• WHAT IS REQUIRED:
Reproduce every line in the material below that holds "Supported".
Top of EXTRACTED MATERIAL
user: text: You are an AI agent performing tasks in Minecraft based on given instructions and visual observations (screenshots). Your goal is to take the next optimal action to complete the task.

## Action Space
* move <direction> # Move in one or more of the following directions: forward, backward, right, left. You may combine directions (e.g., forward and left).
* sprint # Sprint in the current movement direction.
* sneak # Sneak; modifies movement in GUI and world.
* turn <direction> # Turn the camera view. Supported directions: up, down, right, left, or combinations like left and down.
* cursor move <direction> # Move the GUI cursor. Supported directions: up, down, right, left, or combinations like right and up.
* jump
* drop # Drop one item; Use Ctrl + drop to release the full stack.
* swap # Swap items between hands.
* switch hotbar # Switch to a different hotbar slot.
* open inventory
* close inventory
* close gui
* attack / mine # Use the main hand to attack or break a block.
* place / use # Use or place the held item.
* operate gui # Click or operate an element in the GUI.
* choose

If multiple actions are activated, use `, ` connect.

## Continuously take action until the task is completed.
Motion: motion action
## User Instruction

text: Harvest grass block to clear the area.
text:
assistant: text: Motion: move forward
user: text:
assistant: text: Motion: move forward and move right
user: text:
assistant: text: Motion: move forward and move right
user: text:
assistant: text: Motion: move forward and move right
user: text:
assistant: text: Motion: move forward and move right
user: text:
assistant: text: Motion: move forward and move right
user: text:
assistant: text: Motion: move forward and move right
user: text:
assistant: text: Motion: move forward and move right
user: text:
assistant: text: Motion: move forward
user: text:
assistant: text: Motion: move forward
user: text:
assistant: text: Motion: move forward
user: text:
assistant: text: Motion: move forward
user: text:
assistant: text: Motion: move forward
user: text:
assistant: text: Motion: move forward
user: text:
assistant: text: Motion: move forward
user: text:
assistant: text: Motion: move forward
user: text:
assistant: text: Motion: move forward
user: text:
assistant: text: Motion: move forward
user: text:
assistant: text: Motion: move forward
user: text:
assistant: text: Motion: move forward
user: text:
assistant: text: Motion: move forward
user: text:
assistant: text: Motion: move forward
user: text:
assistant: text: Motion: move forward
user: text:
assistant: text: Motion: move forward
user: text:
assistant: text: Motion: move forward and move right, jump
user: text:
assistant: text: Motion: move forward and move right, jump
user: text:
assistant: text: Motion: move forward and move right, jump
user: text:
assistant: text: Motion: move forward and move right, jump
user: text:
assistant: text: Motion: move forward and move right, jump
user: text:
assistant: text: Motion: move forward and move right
Bottom of EXTRACTED MATERIAL
• ANSWER AREA:
* turn <direction> # Turn the camera view. Supported directions: up, down, right, left, or combinations like left and down.
* cursor move <direction> # Move the GUI cursor. Supported directions: up, down, right, left, or combinations like right and up.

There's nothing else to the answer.